My husband was recently describing something that happened on a past holiday. I, however, had no recollection of what he was telling me. He couldn't quite believe it. We know that "recollections may differ", but why do I not have this memory? I'm busy at work – have I simply run out of space?
It's a tempting explanation. We talk about "information overload" as though the brain were a container that eventually reaches capacity. But the brain does not fill up. Instead, it filters. At any given moment, far more information is available to us than we could ever realistically store. The conversations of even a single day would overwhelm any system that attempted to record them in full.
Instead, the brain relies on selection. Attention determines what is noticed. Emotion helps determine what matters. Then, structures decide what is worth committing to longer-term memory. If your attention is elsewhere, the process falters at the first step. On that holiday, my husband may have paused long enough to register the moment. I may have been thinking about where we were going next, moving through the day without stopping to take it in. Without focused attention, experiences are only weakly encoded. In that sense, the memory was not lost. It was never fully formed.
Even when memories are successfully encoded, they are not stored as fixed records. Each time we recall an event, we reconstruct it, drawing on sensory detail and expectation. With repetition – through conversation or retelling – those reconstructions become stronger. This helps explain why shared experiences can diverge dramatically. We assume that living through the same moment should produce the same memory, but the brain does not work that way. It does not passively record experience. It actively selects, prioritizes, and discards.
The feeling that our brains are "full" arises not because we have run out of storage, but because we have reached the limits of what we can process at once. Attention is finite. When these systems are saturated, new information struggles to gain a foothold. This is the mental equivalent of too many tabs open: nothing has been permanently lost, but everything becomes harder to manage.
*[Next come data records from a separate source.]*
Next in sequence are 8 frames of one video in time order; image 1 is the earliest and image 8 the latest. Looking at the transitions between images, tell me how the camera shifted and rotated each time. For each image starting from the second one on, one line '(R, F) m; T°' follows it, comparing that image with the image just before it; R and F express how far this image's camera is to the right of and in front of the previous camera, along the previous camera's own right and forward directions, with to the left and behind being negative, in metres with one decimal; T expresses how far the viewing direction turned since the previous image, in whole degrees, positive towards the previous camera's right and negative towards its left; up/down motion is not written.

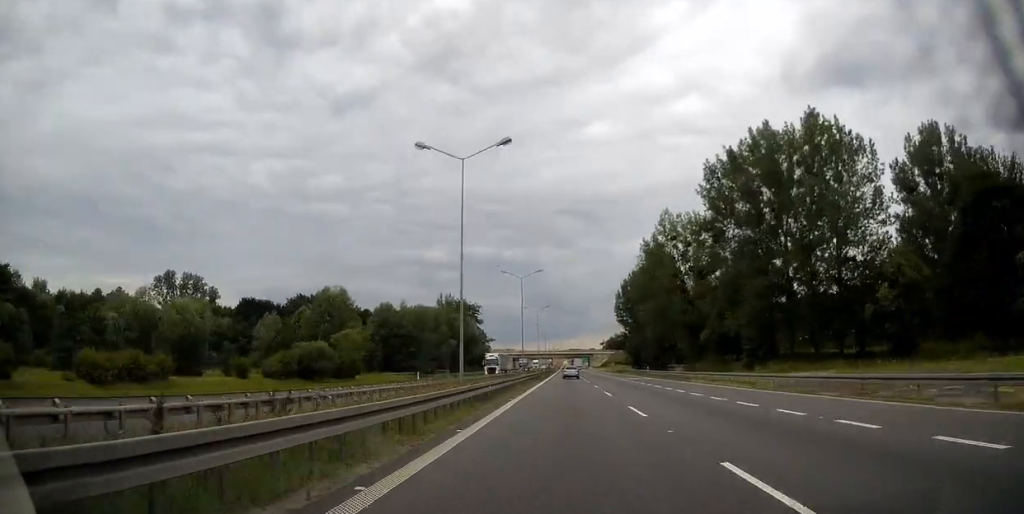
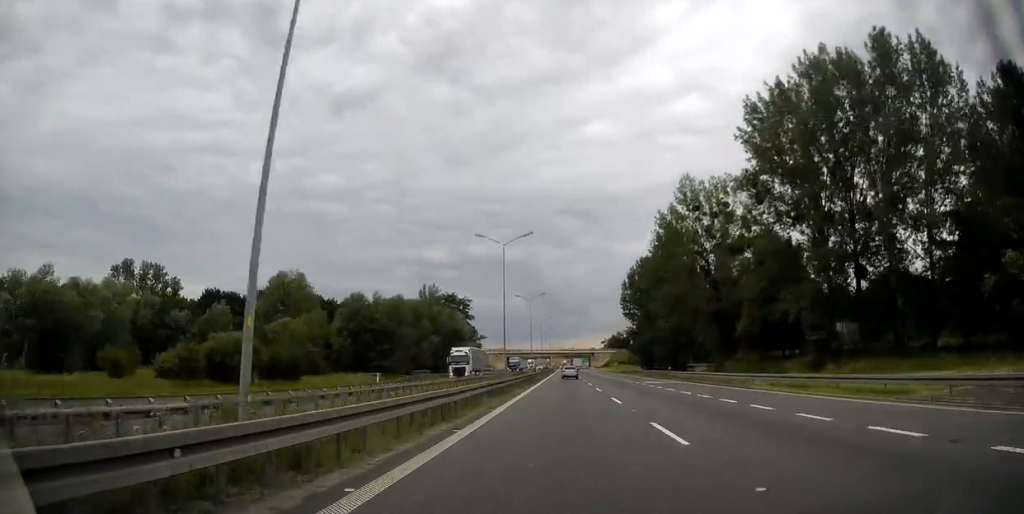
(0.0, +18.0) m; 0°
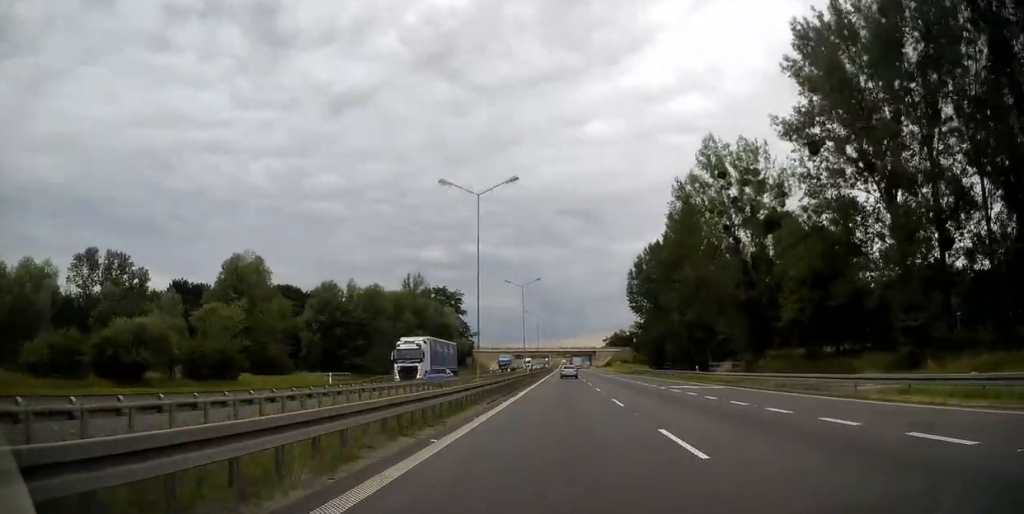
(0.0, +13.8) m; 0°
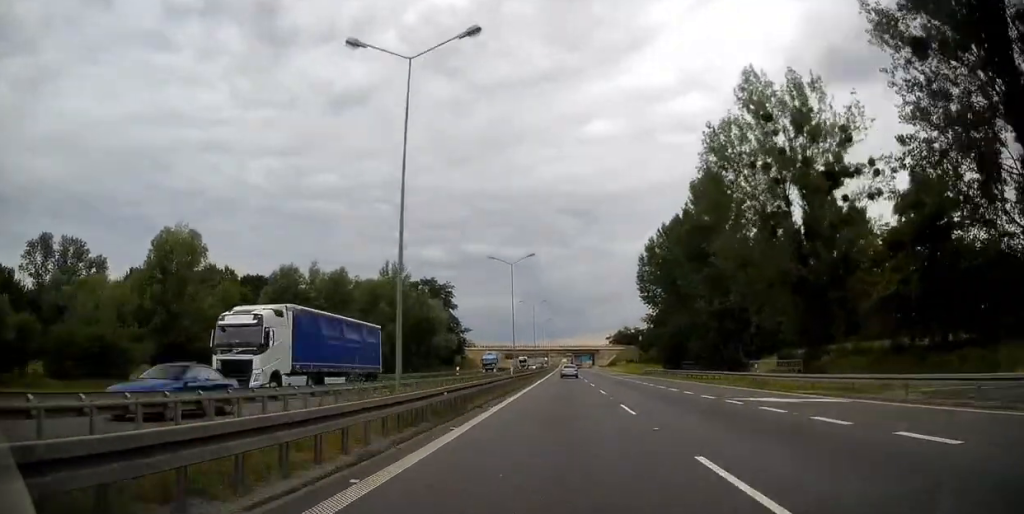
(0.0, +15.8) m; 0°
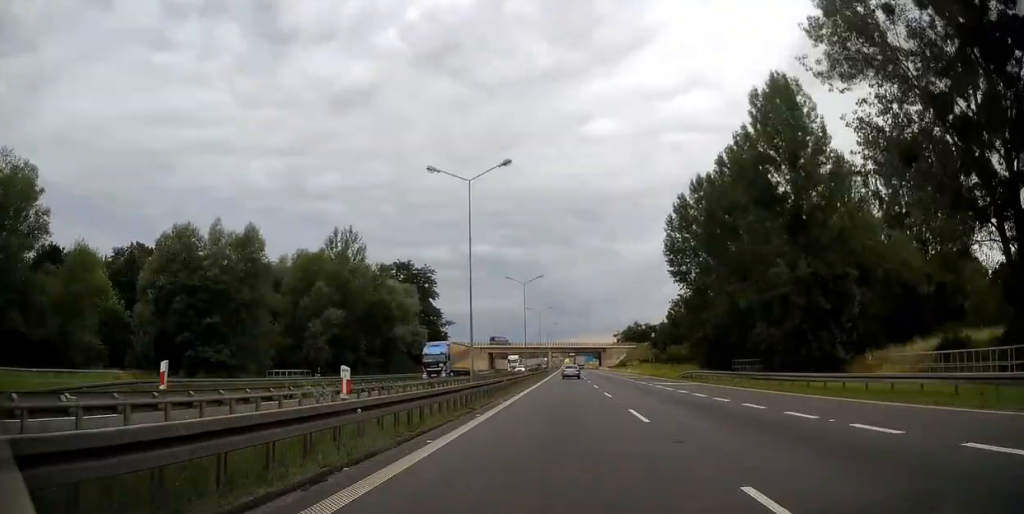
(0.0, +26.4) m; 0°
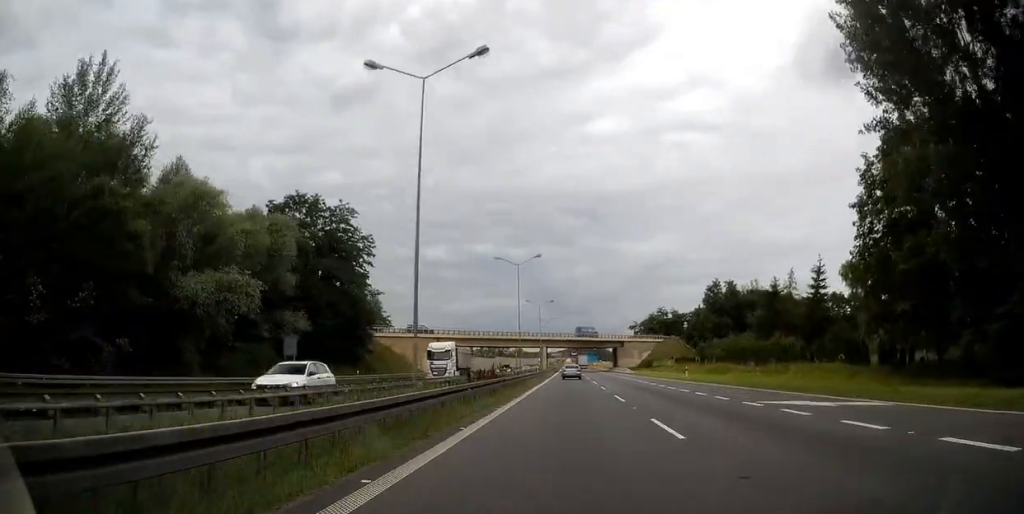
(-0.1, +51.6) m; -1°
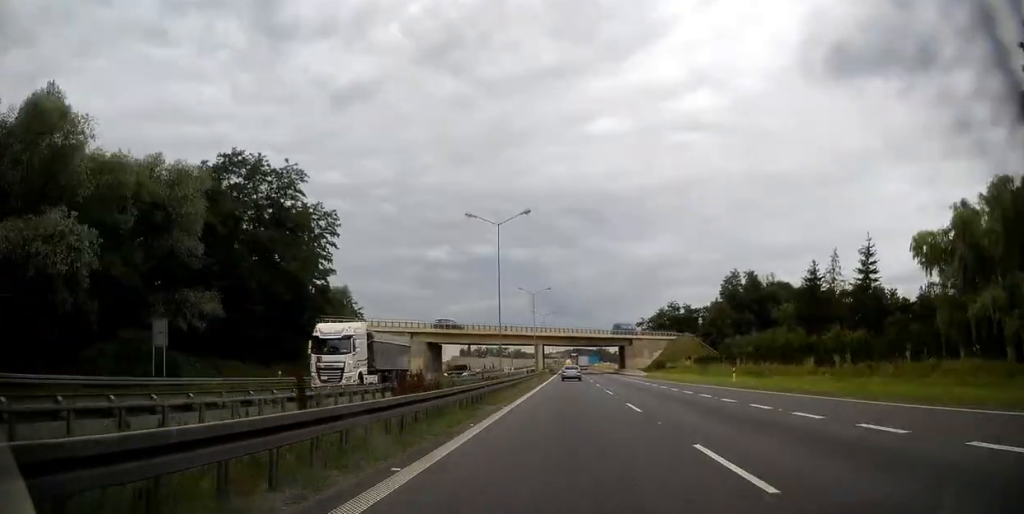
(-0.1, +16.7) m; 0°
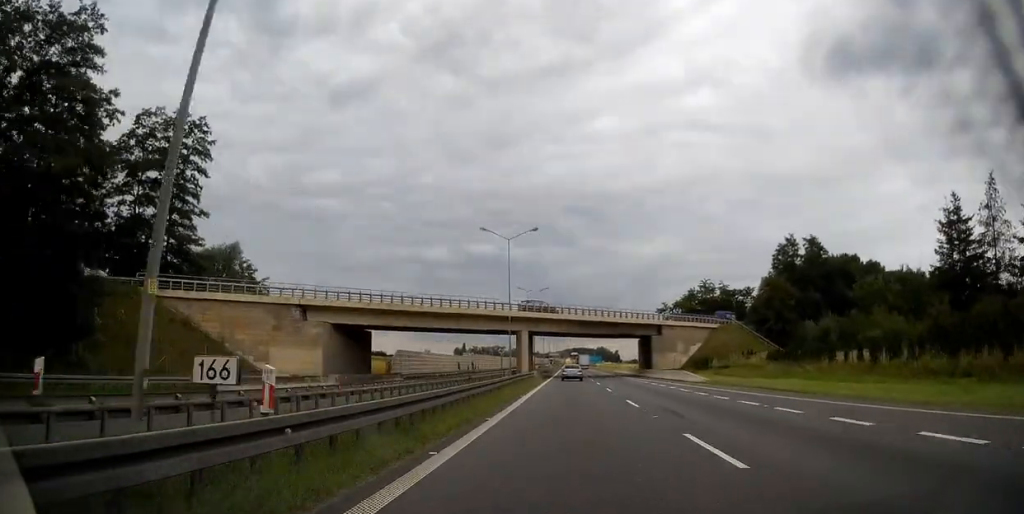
(+0.1, +34.5) m; 0°

Computing analogies are useful up to a point. If working memory resembles RAM, then long-term memory is compared to a hard drive. But this is where the parallel breaks down. A hard drive stores files in fixed locations. The brain does not work this way. Memories are not stored as discrete files; they are distributed across networks of neurons, reshaped and reassembled each time they are recalled. New experiences do not simply add to what is already there – they interact with it.
One widely cited figure puts brain capacity at around a petabyte. It is an impressive number, but also a somewhat misleading one. It implies a storage system that fills up over time, when in reality, the brain is constantly reorganizing itself. Capacity is not fixed. Information is integrated, modified, and, when no longer useful, allowed to fade.
Some memories fade because they are not continually reinforced. Memory is not preserved simply because it matters to us. It is preserved when it is retold or reconnected to other experiences. What is lost, in most cases, is not the memory itself but our ability to retrieve it. The trace remains, but it has slipped out of reach. The absence of a memory is rarely evidence of a system at capacity – more often, it is the trace of a moment that was never fully stored.